The Commission is now trying to establish whether Apple has been enforcing “anti-competitive iPhone sales tactics and technical restrictions on the handset” in the region. 
This week, the EC quizzed several European telcos about Apple’s sales tactics and the distribution terms it offers. 
Regulators are trying to determine if Apple contractual terms with telcos meant rival phone makers were pushed out in the cold, given equal or less favourable subsidies under the duress of Cupertino, and whether it restricted marketing budgets. 
Apple is known to be a hard operator, which would explain why it has over $100bn cash in the bank and is one of the most valuable companies in the world. However, its popularity has waned in the past 12 months, as Androids like Samsung usurp the once dominant iPhone. 
But with the vast popularity of iPhone, iPad over the last few years, the tech giant may have been in a position to enforce brutal terms.

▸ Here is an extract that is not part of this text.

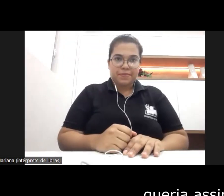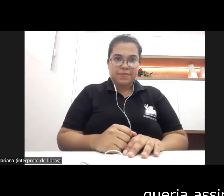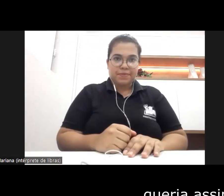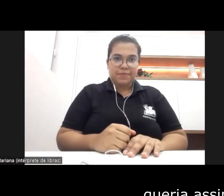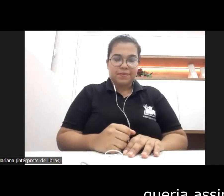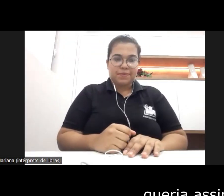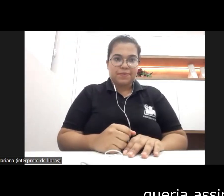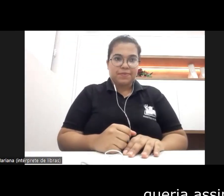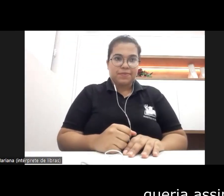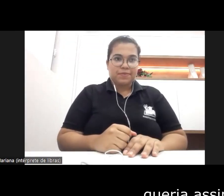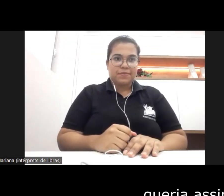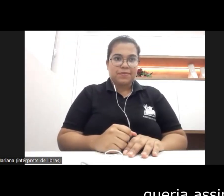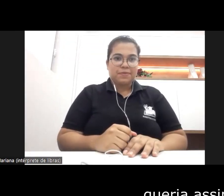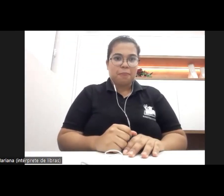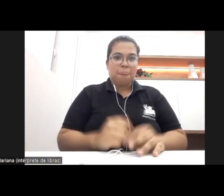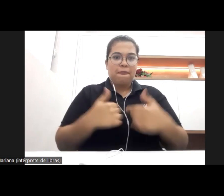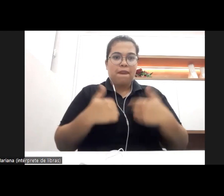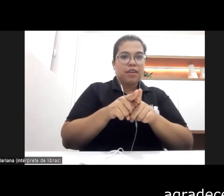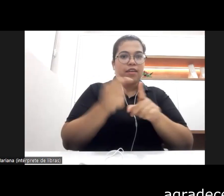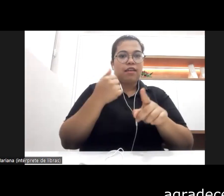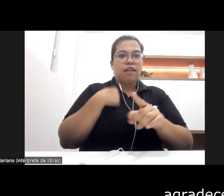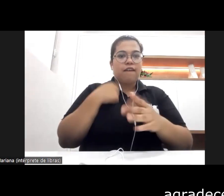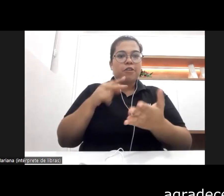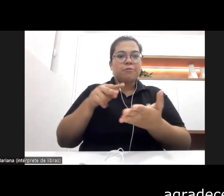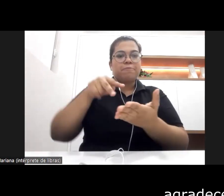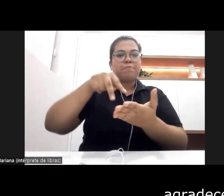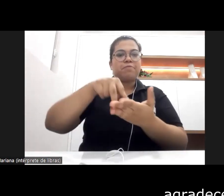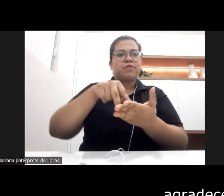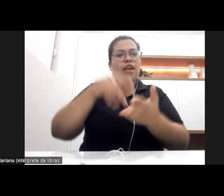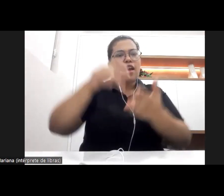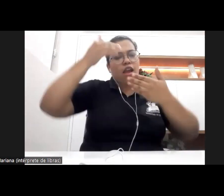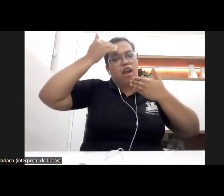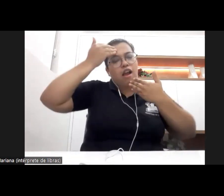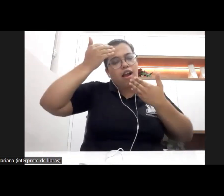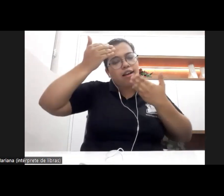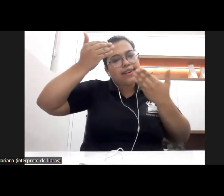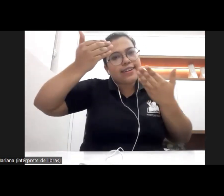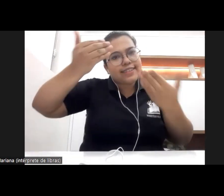Queria, assim, inicialmente agradecer o convite,

The iPhone is usually displayed as a standalone in phone shops on a dedicated Apple counter, as dictated by the company, while BlackBerrys, Samsung or Nokia are all displayed side by side. 
One senior Aussie telco exec previously branded it “life with Apple”, when quizzed about why iPad 3 was marketed as ‘4G’ ready, when in fact it didn’t work on LTE networks here. 
Incidentally, the Europeans are also looking at whether Apple “places technical or contractual restrictions on the iPhone 5 that mean it cannot be used on high-speed 4G networks in Europe,” reports FT. 
The investigation began after the EC was tipped off by several mobile operators, and no formal accusations have yet been made. 
Apple insists “our contracts fully comply with local laws wherever we do business, including the EU.” 
This isn’t the only government investigation into Apple at present. 
Last week, US government probed its taxation practices, and found it had billions of dollars ($74bn) stashed away in foreign subsidiaries where it pays less than 2% tax.